Saved data entries:
-----
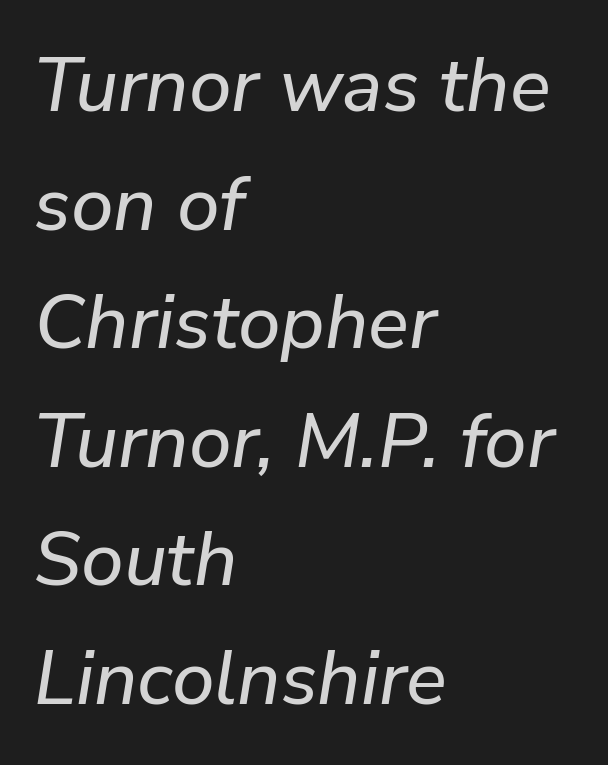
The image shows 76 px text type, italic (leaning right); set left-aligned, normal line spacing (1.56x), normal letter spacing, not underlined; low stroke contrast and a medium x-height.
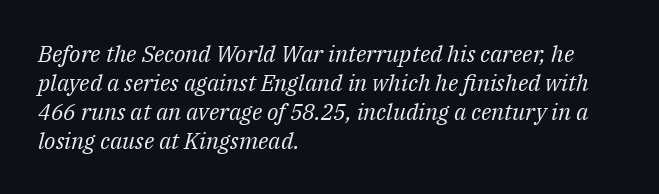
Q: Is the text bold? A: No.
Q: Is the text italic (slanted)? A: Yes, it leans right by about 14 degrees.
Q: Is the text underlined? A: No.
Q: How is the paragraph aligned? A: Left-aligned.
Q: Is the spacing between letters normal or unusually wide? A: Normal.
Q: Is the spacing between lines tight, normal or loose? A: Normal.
-----
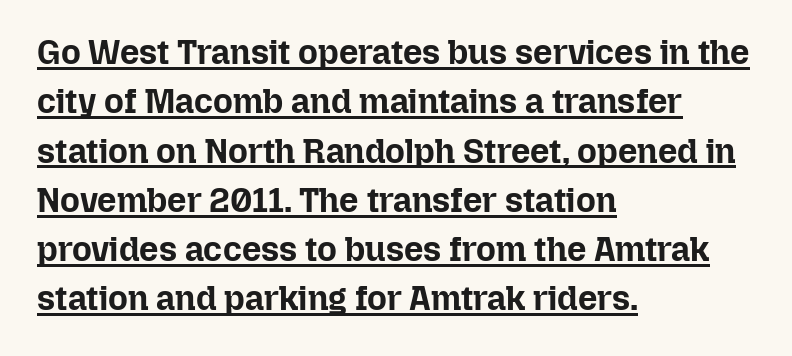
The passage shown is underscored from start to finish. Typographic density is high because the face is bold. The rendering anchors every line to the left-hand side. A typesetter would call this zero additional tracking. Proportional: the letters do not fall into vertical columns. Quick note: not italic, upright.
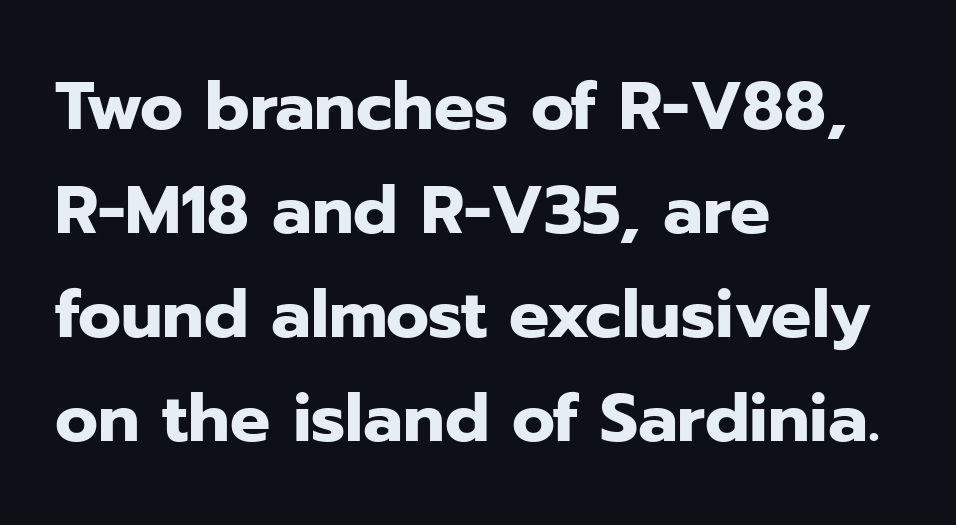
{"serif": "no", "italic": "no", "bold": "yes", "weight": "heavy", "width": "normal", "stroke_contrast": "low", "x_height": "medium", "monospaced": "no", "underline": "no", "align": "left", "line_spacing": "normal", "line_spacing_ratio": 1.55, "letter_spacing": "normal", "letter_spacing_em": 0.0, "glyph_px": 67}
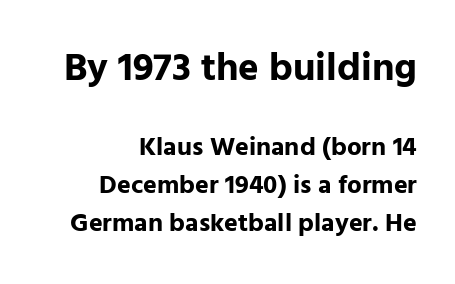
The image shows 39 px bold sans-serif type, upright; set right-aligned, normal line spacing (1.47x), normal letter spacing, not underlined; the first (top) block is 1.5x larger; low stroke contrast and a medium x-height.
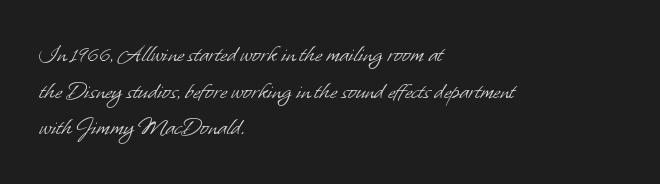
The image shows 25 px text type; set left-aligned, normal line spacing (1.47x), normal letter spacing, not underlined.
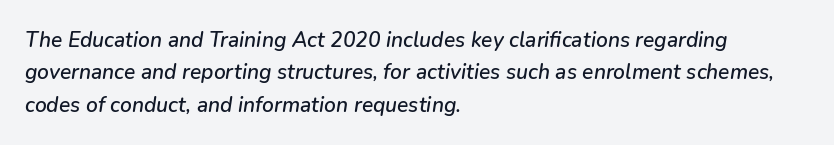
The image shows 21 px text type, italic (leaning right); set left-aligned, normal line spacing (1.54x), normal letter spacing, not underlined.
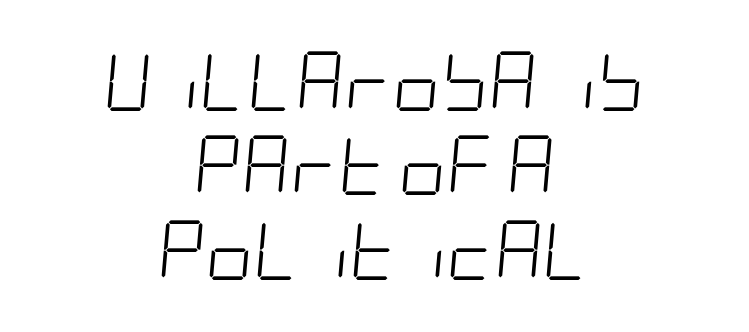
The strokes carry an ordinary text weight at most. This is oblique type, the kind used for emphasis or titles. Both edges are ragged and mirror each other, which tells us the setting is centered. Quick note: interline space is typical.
-----
▶ **PROBLEM STATEMENT**: Return all lines of the data in which the string "note" appears.

▶ **RESPONSE AREA**:
The passage shown is underscored from start to finish. Typographic density is high because the face is bold. The rendering anchors every line to the left-hand side. A typesetter would call this zero additional tracking. Proportional: the letters do not fall into vertical columns. Quick note: not italic, upright.
The strokes carry an ordinary text weight at most. This is oblique type, the kind used for emphasis or titles. Both edges are ragged and mirror each other, which tells us the setting is centered. Quick note: interline space is typical.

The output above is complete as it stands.